Akram nodded slowly. ‘I have this depressing feeling you’re right,’ he replied.

‘Why depressing?’ the tooth fairy demanded. ‘For pity’s sake, if that’s what I think it is, it’s the single most valuable object in this whole solar system. God only knows what the Americans’d give you for it. Kansas, probably.’

‘I know exactly what it is,’ Akram replied. ‘Look, let me try to explain. Does the expression fairytale ending mean anything to you?’

Fang nodded. ‘Extreme good fortune, followed by a happy ending, happily ever after, C-in-a circle The Walt Disney Company, followed by a date.’

‘Exactly.’ Akram nodded emphatically. ‘Things like this just don’t happen in real life, agreed?’

‘Well,’ replied Fang uncertainly. ‘Not often, anyway.’

‘About as often as fourteen pigs playing aerial polo. In fairytales, however, it’s the norm, right? Happens all the time.’

‘So they tell me,’ the tooth fairy said. ‘Not that I’d know, having been stuck this side of the Line all my life. What of it?’

Akram sighed. ‘All right,’ he said. ‘Now, just suppose you were flying down the street and you came across a huge luminous plastic spaceship with little green men running up and down the gangplank and Alpha Centauri Spacecraft Corporation; Product of More Than One Constellation stencilled on the side. Maybe you’d think, Hey, what’s this doing here? And maybe you’d guess that the aliens had landed. Yes?’

‘Conceivably,’ Fang conceded. ‘So?’

Akram pointed to the parcel. ‘This thing’s from the other side of the Line,’ he said. ‘So’s the happy ending that comes with it. I’ve just escaped from there. When you’ve just broken out of Colditz and you’re buying a train ticket to Geneva, you don’t ask for a return. As far as I’m concerned, this has all been too easy. That thing’s an obvious plant.’

‘No it isn’t,’ Fang objected. ‘If it was, it’d have leaves and a stalk and …’

‘Be quiet. If I open that,’ Akram continued, as much to himself as to Fang, ‘it’ll mean I’m back in the story. Every day for the rest of my life I’ll have a page number in the top left-hand corner.’

Fang bit her lip. Maybe the glamour of the parcel was starting to affect her, or maybe she was just curious. ‘Open it,’ she said. ‘Go on. Just having a look won’t commit you to anything.’

‘Balls.’

‘You know you want to really.’

‘Go away.’

‘Just a little peep,’ whispered Fang, ‘can’t do any harm.’

‘Drop dead,’ Akram replied, opening his penknife and cutting the Sellotape. ‘Opening this would be an awfully big mistake, you mark my words.’

Fang frowned. ‘Don’t you mean adventure?’ she queried.

‘As far as I’m concerned, it’s the same thing.’ He slit the last loop of tape, folded back the cardboard, reached in and lifted out a plain earthenware jar.

‘I see,’ said Fang after a moment’s silence. ‘A potted plant..’

Akram didn’t reply.

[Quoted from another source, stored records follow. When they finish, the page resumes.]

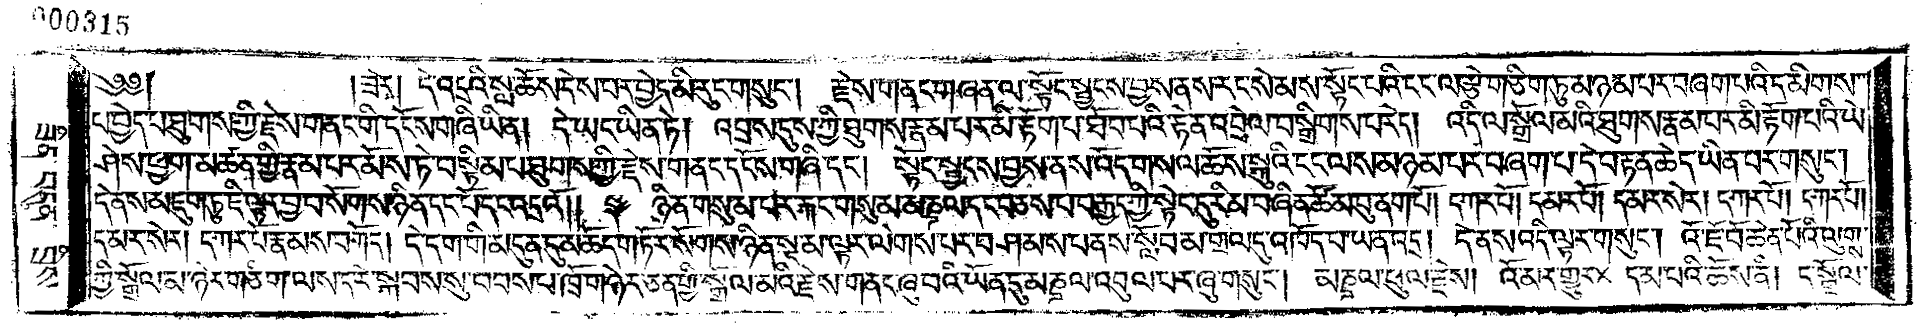༄༅། །ཟེར། དེ་འདྲའི་སླ་ཆོས་དེས་བར་བྱེད་མི་རུང་གསུང་། རྗེས་གནང་གཞན་ལ་སྟོང་སྦྱངས་བྱས་ནས་རང་སེམས་སྟོང་པའི་ངང་ལ་རྩེ་གཅིག་ཏུ་མཉམ་པར་བཞག་པའི་དམིགས་
པ་བྱེད་པ་ཐུགས་ཀྱི་རྗེས་གནང་གི་དངོས་གཞི་ཡིན། དེ་ཡང་ཡིན་ཏེ། འབྲས་དུས་ཀྱི་ཐུགས་རྣམ་པར་མི་རྟོག་པ་ཐོབ་པའི་རྟེན་འབྲེལ་བསྒྲིགས་པ་རེད། འདི་ལ་སྒྲོལ་མའི་ཐུགས་རྣམ་པར་མི་རྟོག་པའི་ཡེ་
ཤེས་ཕྱག་མཚན་གྱི་རྣམ་པར་མོས་ཏེ་བསྟིམ་པ་ཐུགས་ཀྱི་རྗེས་གནང་དངོས་གཞི་དང་། སྟོང་སྦྱངས་བྱས་ནས་འོད་གསལ་ཆོས་སྐུའི་ངང་ལས་མཉམ་པར་བཞག་པ་དེ་བརྟན་ཆེད་ཡིན་པར་གསུང་།
དེ་ནས་མཇུག་ཏུ་ཇི་ལྟར་བྱ་བ་སོགས་ཉིན་དང་པོ་དང་འདྲའོ།། ༈ ཉིན་གསུམ་པར་རྐང་གསུམ་མཎྜལ་དང་བཅས་པ་བརྒྱད་ཀྱི་སྟེང་དུ་རིམ་བཞིན་ཚོམ་བུ་ནག་པོ། དཀར་པོ། དམར་པོ། དམར་སེར། དཀར་པོ། དཀར་པོ།
དམར་སེར། དཀར་པོ་རྣམས་བཀོད། དེ་དག་གི་མདུན་དུ་མཆོད་གཏོར་སོགས་ཉིན་སྔ་མ་ལྟར་ལེགས་པར་བཤམས་པ་ནས་སློབ་མ་གྲལ་དུ་འཁོད་པ་ཡན་འདྲ། དེ་ནས་འདི་ལྟར་གསུང་། འོ་ཇོ་བོ་ཆེན་པོའི་ལུགས་
ཀྱི་སྒྲོལ་མ་ཉེར་གཅིག་ལས་ད་རེ་སྐབས་སུ་བབས་པ་ཁྲོ་གཉེར་ཅན་གྱི་སྒྲོལ་མའི་རྗེས་གནང་ཞུ་བའི་ཡོན་དུ་མཎྜལ་འབུལ་བར་ཞུ་གསུང་། མཎྜལ་ཕུལ་རྗེས། འོ་མར་གྱུར྾་དམ་པའི་ཆོས་ནི། ད་སྒྲོལ་
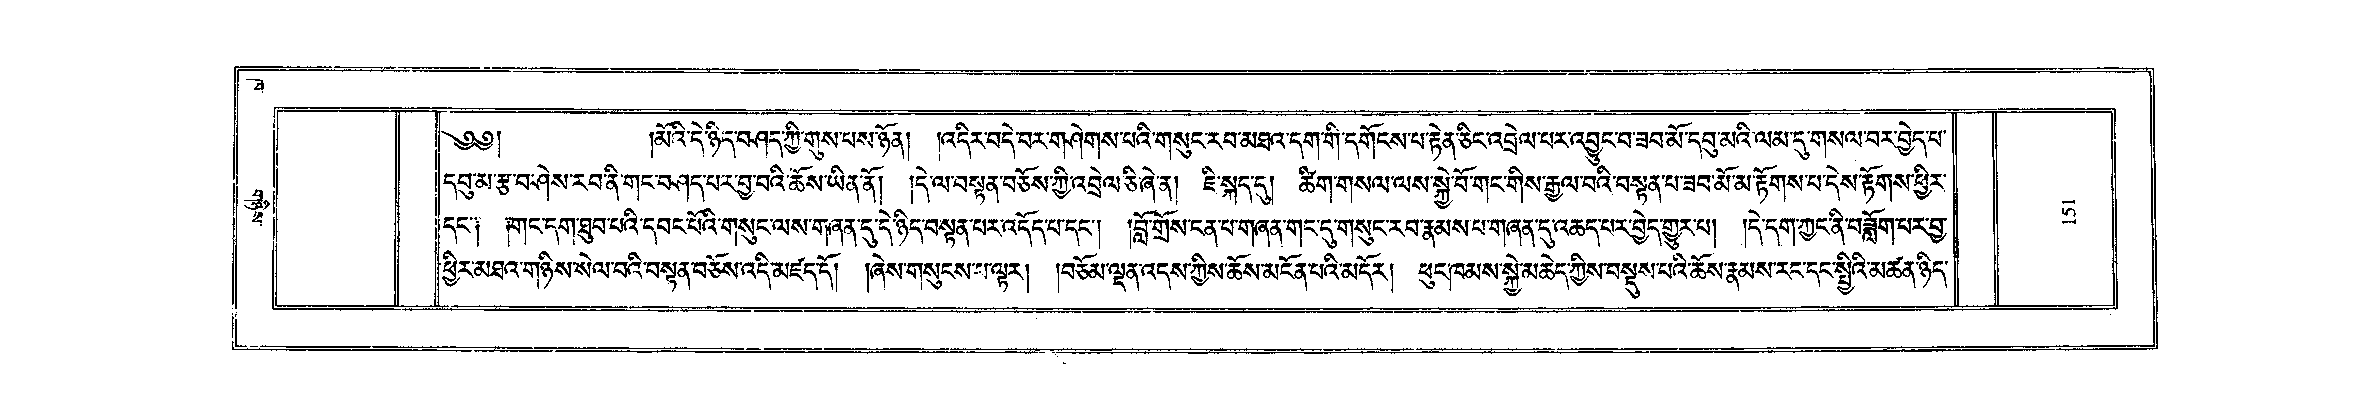༄༅། །མོའི་དེ་ཉིད་བཤད་ཀྱི་གུས་པས་ཉོན། །འདིར་བདེ་བར་གཤེགས་པའི་གསུང་རབ་མཐའ་དག་གི་དགོངས་པ་རྟེན་ཅིང་འབྲེལ་པར་འབྱུང་བ་ཟབ་མོ་དབུ་མའི་ལམ་དུ་གསལ་བར་བྱེད་པ་
དབུ་མ་རྩ་བ་ཤེས་རབ་ནི་གང་བཤད་པར་བྱ་བའི་ཆོས་ཡིན་ནོ། །དེ་ལ་བསྟན་བཅོས་ཀྱི་འབྲེལ་ཅི་ཞེ་ན། ཇི་སྐད་དུ། ཚིག་གསལ་ལས་སྐྱེ་བོ་གང་གིས་རྒྱལ་བའི་བསྟན་པ་ཟབ་མོ་མ་རྟོགས་པ་དེས་རྟོགས་ཕྱིར་
དང༑ ༑གང་དག་ཐུབ་པའི་དབང་པོའི་གསུང་ལས་གཞན་དུ་དེ་ཉིད་བསྟན་པར་འདོད་པ་དང་། །བློ་གྲོས་ངན་པ་གཞན་གང་དུ་གསུངས་རབ་རྣམས་པ་གཞན་དུ་འཆད་པར་བྱེད་གྱུར་པ། །དེ་དག་ཀྱང་ནི་བཟློག་པར་བྱ་
ཕྱིར་མཐའ་གཉིས་སེལ་བའི་བསྟན་བཅོས་འདི་མཛད་དོ། །ཞེས་གསུངས་པ་ལྟར། །བཅོམ་ལྡན་འདས་ཀྱིས་ཆོས་མངོན་པའི་མདོར། ཕུང་ཁམས་སྐྱེ་མཆེད་ཀྱིས་བསྡུས་པའི་ཆོས་རྣམས་རང་དང་སྤྱིའི་མཚན་ཉིད་

He was staring at the lid of the jar. I could open it, he told himself. And then, either whatever’s in there will come out, or I’ll go in, and in the long run it’ll amount to the same thing. He screwed his eyes tight shut and said aloud, ‘I wish this thing would go away.’ When he opened them again, it was still there. Which meant that he didn’t have any of the Godfather’s three wishes left. Which meant he’d used them. Something, he told himself, like using the atomic bomb; at first it seems to solve all sorts of problems, and then, some time later, you begin to think that on balance it’d have been rather better if maybe you hadn’t.